In the movie, The Matrix, humans are living in a computer-generated reality. Every sensation they experience is generated by computers and uploaded into their nervous system via wires connected to their spinal cords. There is actually a popular conspiracy theory that this has actually happened and we are all living in a digitally created reality. While I don’t subscribe to this belief, we are all living in The Matrix. It’s simply generated by our brains, not computers.

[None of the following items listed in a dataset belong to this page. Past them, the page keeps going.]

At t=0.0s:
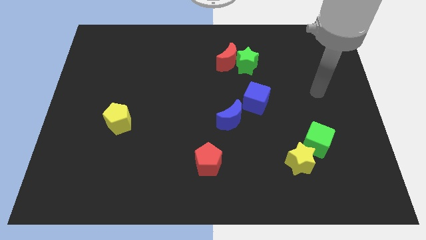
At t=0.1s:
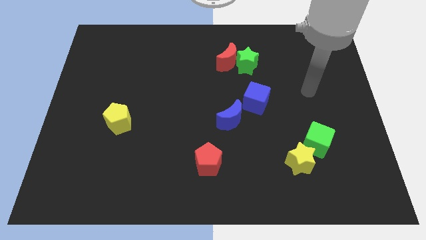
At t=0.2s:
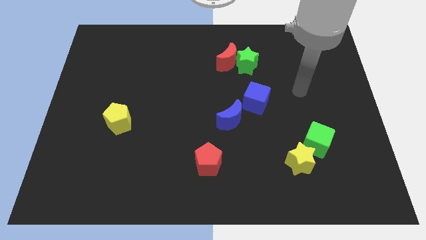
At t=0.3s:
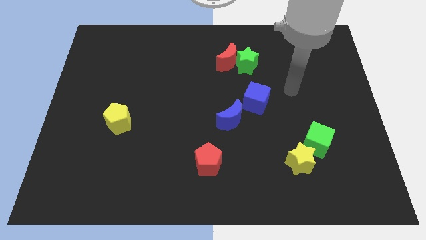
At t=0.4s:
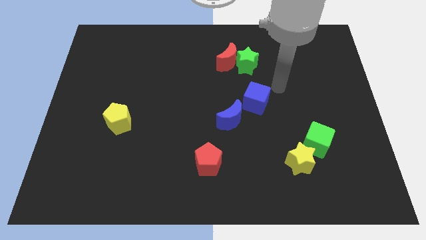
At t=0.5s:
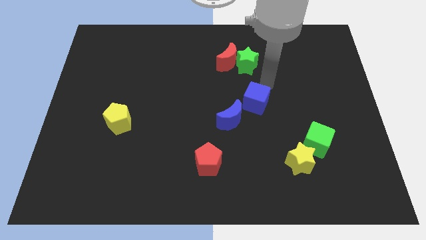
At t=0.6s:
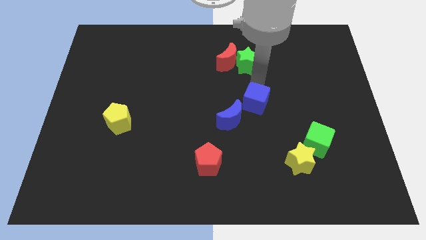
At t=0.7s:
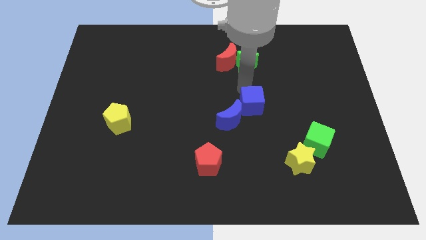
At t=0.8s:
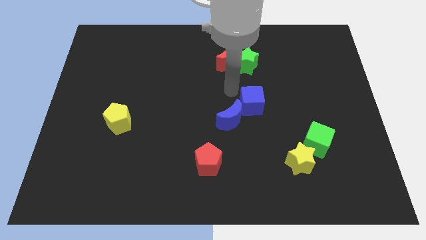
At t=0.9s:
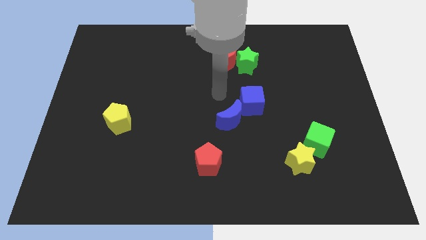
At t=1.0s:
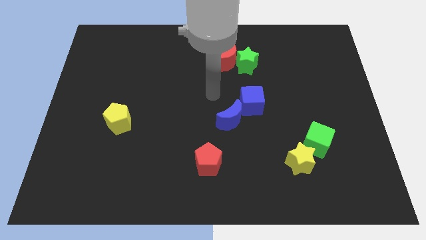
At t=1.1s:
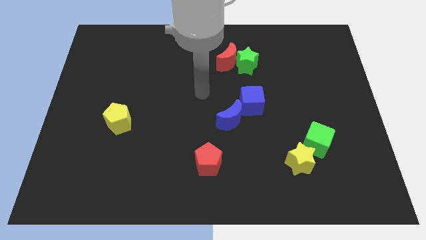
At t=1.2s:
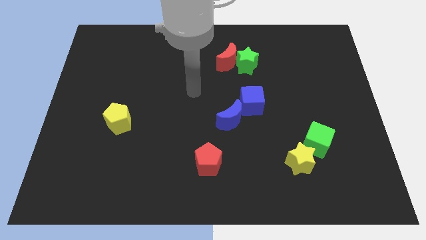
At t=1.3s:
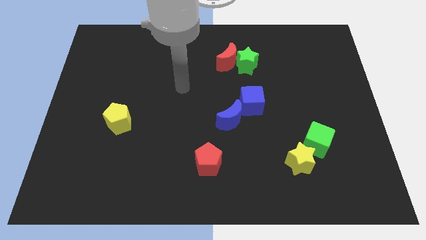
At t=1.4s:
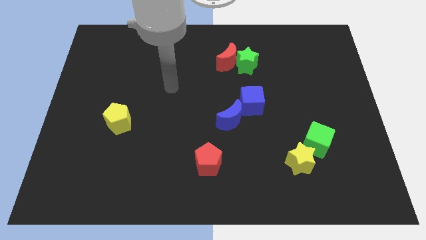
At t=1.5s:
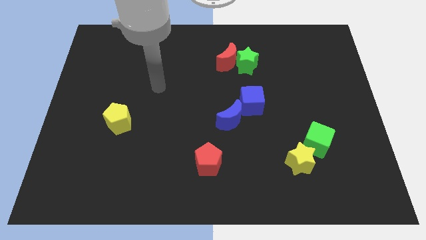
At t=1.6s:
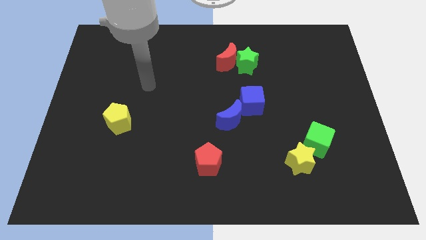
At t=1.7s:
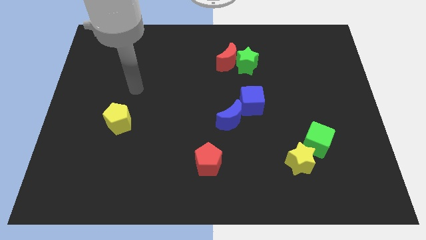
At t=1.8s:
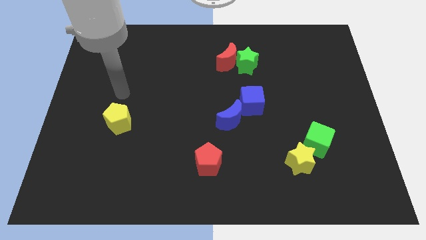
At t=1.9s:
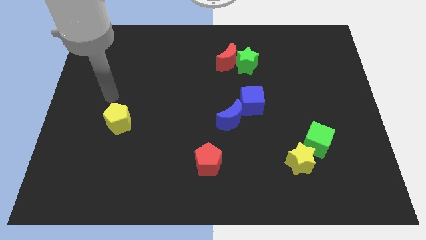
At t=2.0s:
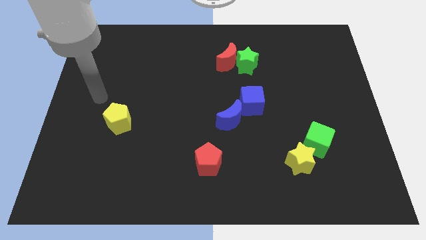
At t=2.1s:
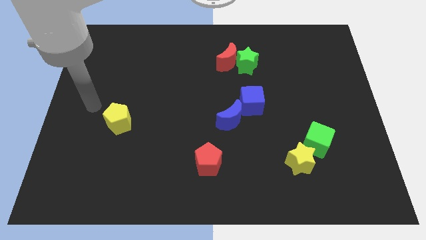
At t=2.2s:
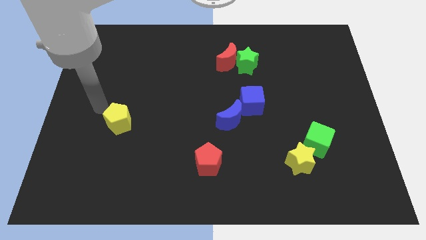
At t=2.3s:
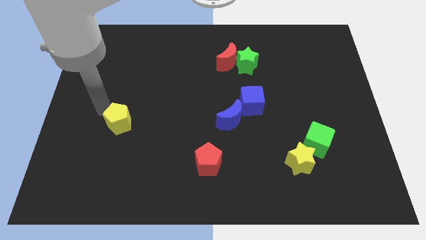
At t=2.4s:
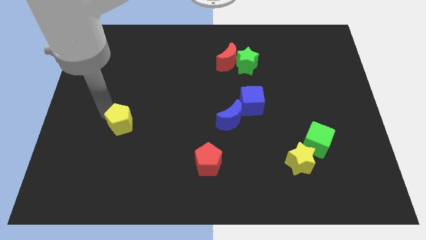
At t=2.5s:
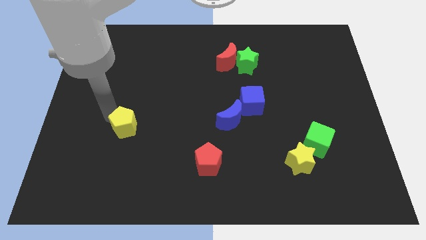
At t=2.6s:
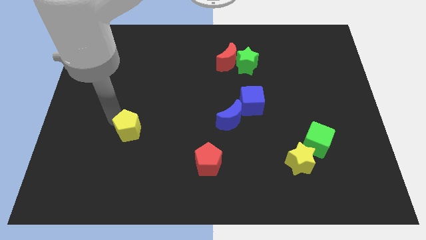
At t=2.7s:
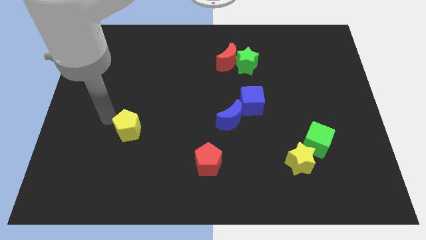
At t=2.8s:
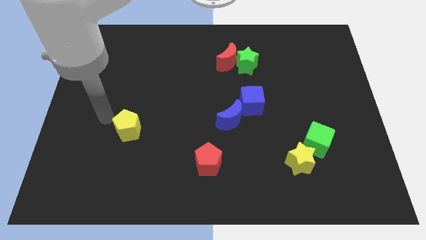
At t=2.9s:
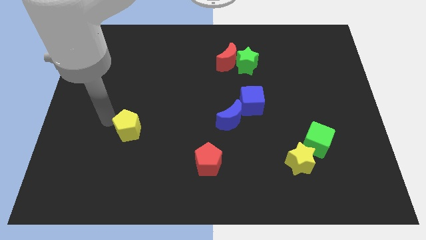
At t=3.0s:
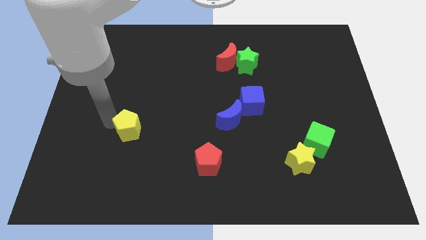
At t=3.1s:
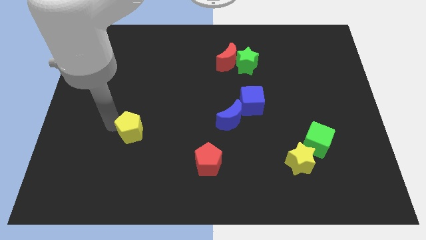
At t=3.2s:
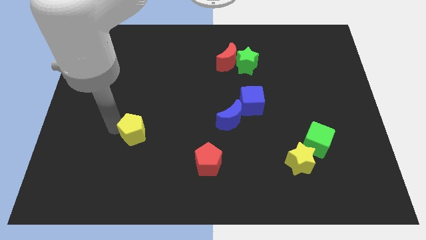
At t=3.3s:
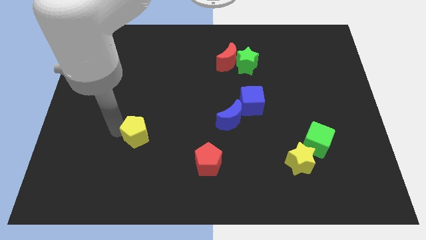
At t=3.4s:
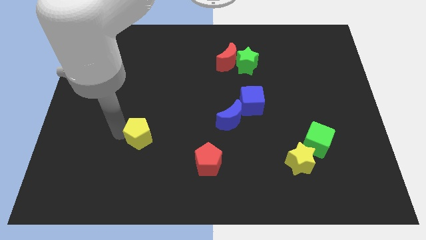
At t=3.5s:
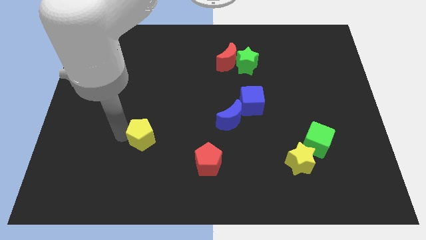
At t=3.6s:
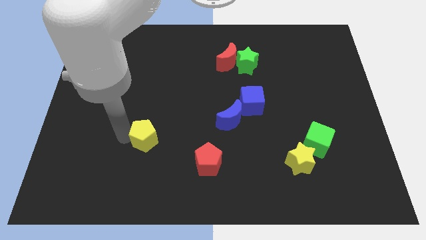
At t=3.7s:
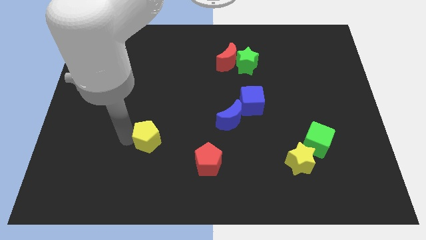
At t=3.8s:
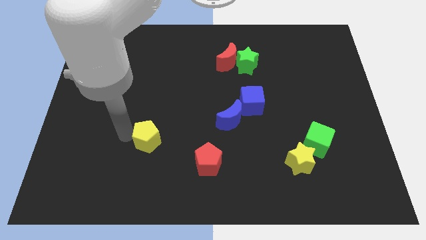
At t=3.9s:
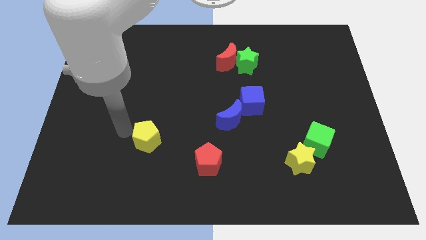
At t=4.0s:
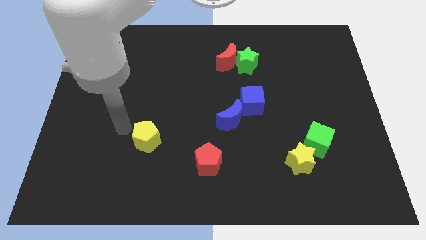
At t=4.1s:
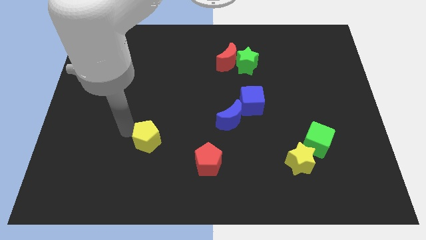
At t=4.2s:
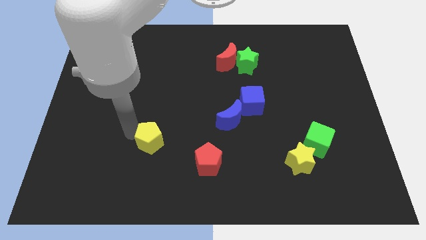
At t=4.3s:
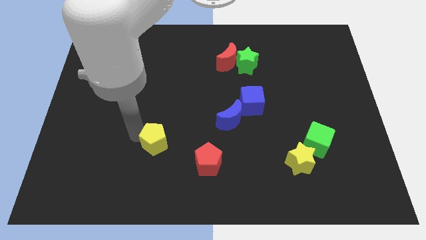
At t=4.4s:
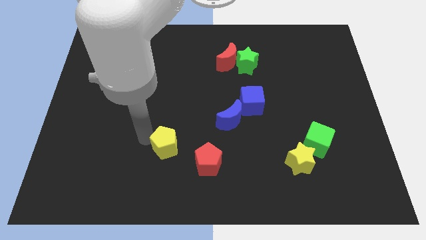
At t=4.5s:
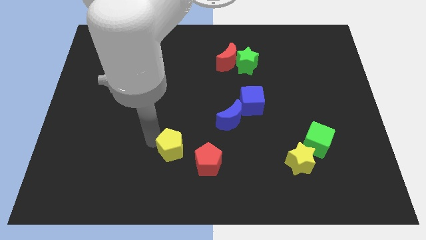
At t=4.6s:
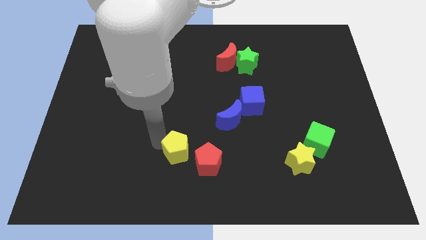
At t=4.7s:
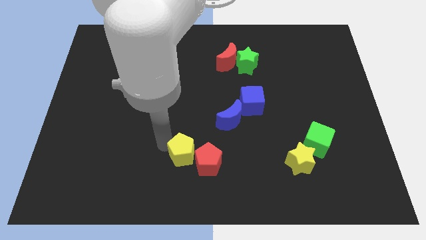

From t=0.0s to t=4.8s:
move the yellow pentagon next to the red pentagon

Your brain is responsible for creating the reality that you perceive every second of your life. It is taking input from the nerves in your fingers, toes, eyes, and ears and creating images, sounds, and sensations. When you touch a fuzzy blanket, it isn’t your fingers that decide the blanket feels fuzzy. Your brain decides that.

The communication between your body and your brain is what creates your reality. What happens if that communication is faulty? Suddenly, instead of feeling that fuzzy blanket, you feel a rough surface or even nothing at all. What causes that faulty communication? In many cases it is a condition called subluxation.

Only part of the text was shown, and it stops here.